--- Task details ---
Every entry is to be transcribed as it stands. Images stay out.

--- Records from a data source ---
▼▼▼

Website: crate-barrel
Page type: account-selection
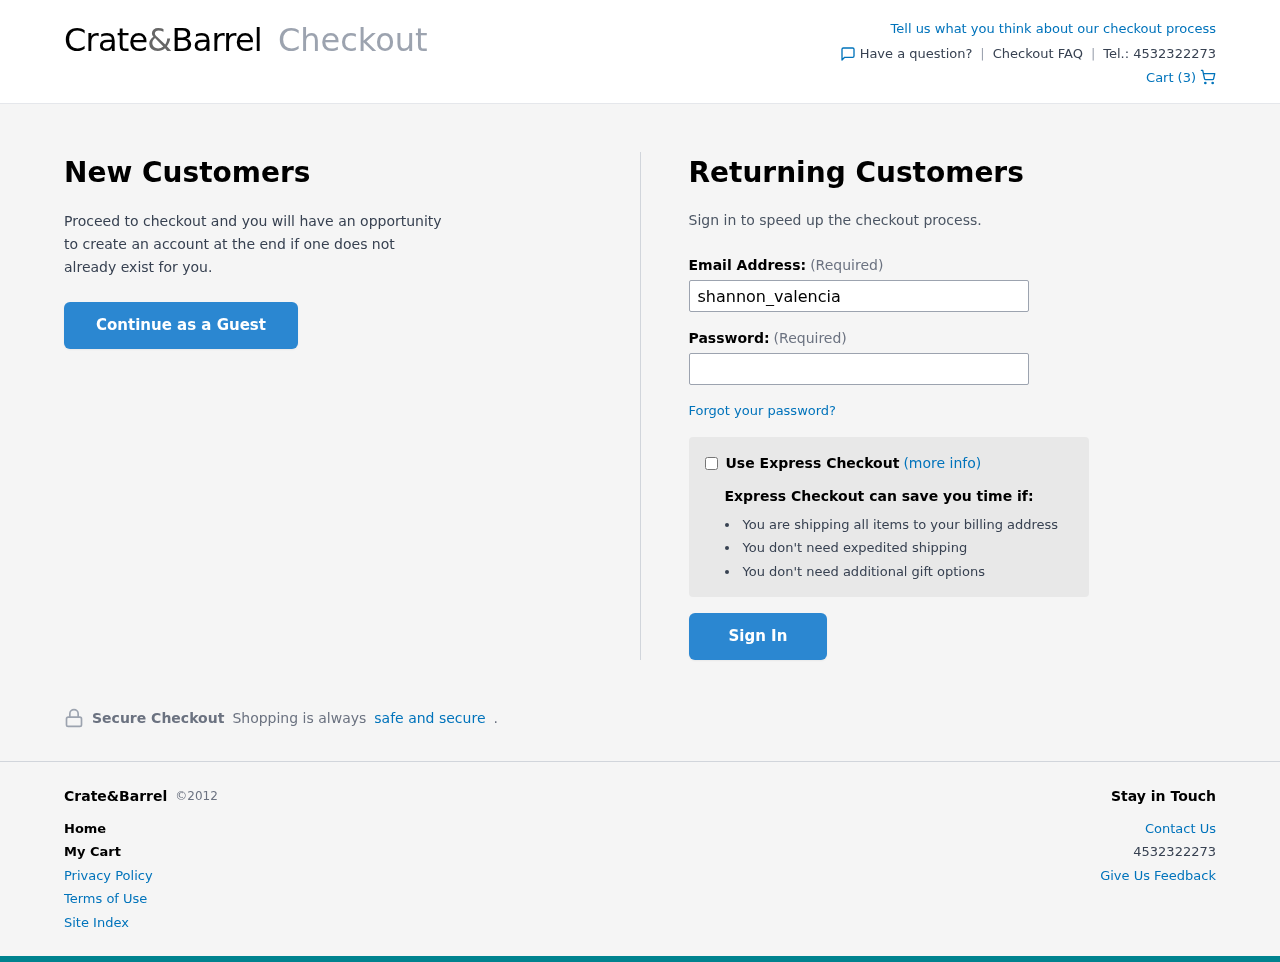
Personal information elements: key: PII_EMAIL
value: shannon_valencia@hotmail.com
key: PII_PHONE
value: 4532322273
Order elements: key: ORDER_NUM_ITEMS
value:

▲▲▲

--- Finished task ---
Website: crate-barrel
Page type: account-selection
Personal information elements: key: PII_EMAIL
value: shannon_valencia@hotmail.com
key: PII_PHONE
value: 4532322273
Order elements: key: ORDER_NUM_ITEMS
value:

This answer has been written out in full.